Sarina, a high-level executive, recently left me an urgent voicemail message, “I am utterly exhausted and yet I wake up at 3 a.m. every night. My head starts spinning through my ‘to do’ list or the things I didn’t do well or the things I wish I had said. I try to go back to sleep but it’s a useless effort. I finally give up and get up, but it means another day of feeling tired. And I know I’m not doing my best work. Can mindful leadership training help?”
Sarina was suffering from what I call the 3 a.m. Wake-up Call from her brain. And she was asking if there was a way that mindful leadership training could “block the call.” Does this sound familiar to you? It certainly was something I struggled with for many years. No matter how hard I tried, I simply couldn’t make myself go back to sleep when my mind started racing. Little by little, my resiliency was lessening until it felt that I was using every bit of my energy just to make it through the day. I was always feeling tired. When I did manage a good night’s sleep, it was striking how much it changed my experience of the next day. I was not only more alert, I was more patient, clear and creative.
Learning to sleep well moved to the top of my list. I did not want to take sleeping pills. I needed a healthy, long-term solution. Thankfully, by this time I was deeply involved with the development of mindful leadership training, so I began to experiment with a simple practice each night. Little by little, I began to sleep more restfully and for longer periods of time. There are still times when that 3 a.m. call rings but I now know how to answer it in a healthy way.
If you are ready to sleep better, try these simple steps:
3 Mindful Steps to Better Sleep
1. Remove all smart phones, tablets and computers from your bedroom. They don’t belong there. Seeing an email or social media post just before bed, or knowing that distractions are only inches from your head, can fuel the busyness of your mind.

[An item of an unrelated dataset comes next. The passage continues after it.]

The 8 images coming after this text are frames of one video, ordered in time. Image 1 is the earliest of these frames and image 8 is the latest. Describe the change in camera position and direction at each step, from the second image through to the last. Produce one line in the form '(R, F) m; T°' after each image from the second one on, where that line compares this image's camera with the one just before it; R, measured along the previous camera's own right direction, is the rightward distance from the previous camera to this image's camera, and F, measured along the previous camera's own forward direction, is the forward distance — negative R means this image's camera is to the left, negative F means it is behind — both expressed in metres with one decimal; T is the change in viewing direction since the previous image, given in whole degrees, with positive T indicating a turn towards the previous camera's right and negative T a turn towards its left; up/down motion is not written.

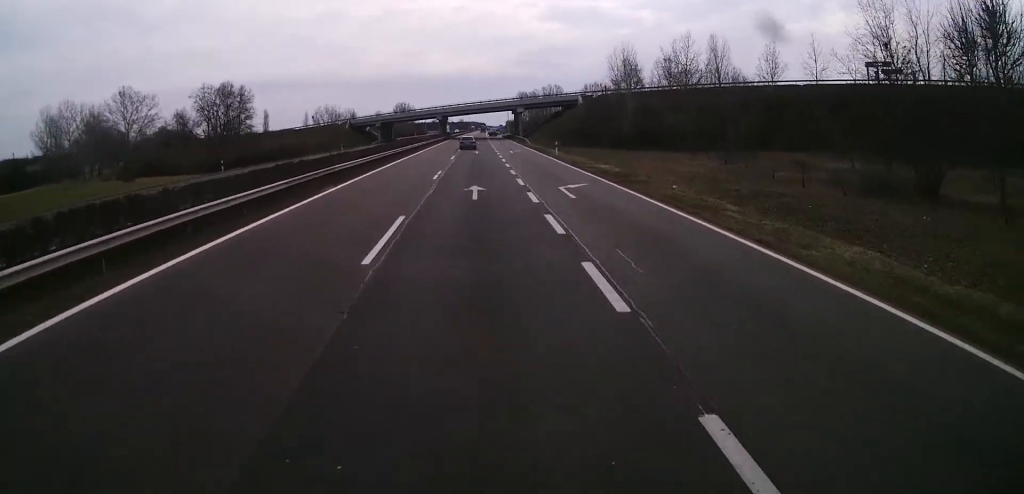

2. When you settle into bed, bring your attention to the feeling of your breath. Feel your breath stretching the muscles in your chest or belly, feel the release. This is not an invitation to think about your breath or control it. Just feel the sensations.
3. When your mind starts to get busy, bring your attention back to the sensations. Let the thought that pulled you away go for now and redirect your attention back to the gentle movements and sensations of your breath. It is important that you be patient with yourself. Redirecting your attention is simply part of the practice and it does not matter how often you need to redirect your attention. Just be intentional about letting the thinking go (for now). It is as if you are saying ‘not now’ to your thoughts and worries. Now is a time to sleep.
Be consistent with this practice, using it each night that your sleep is interrupted. It may take some time to train your mind in this way but the benefits for your health and happiness are worth it. Happy dreams!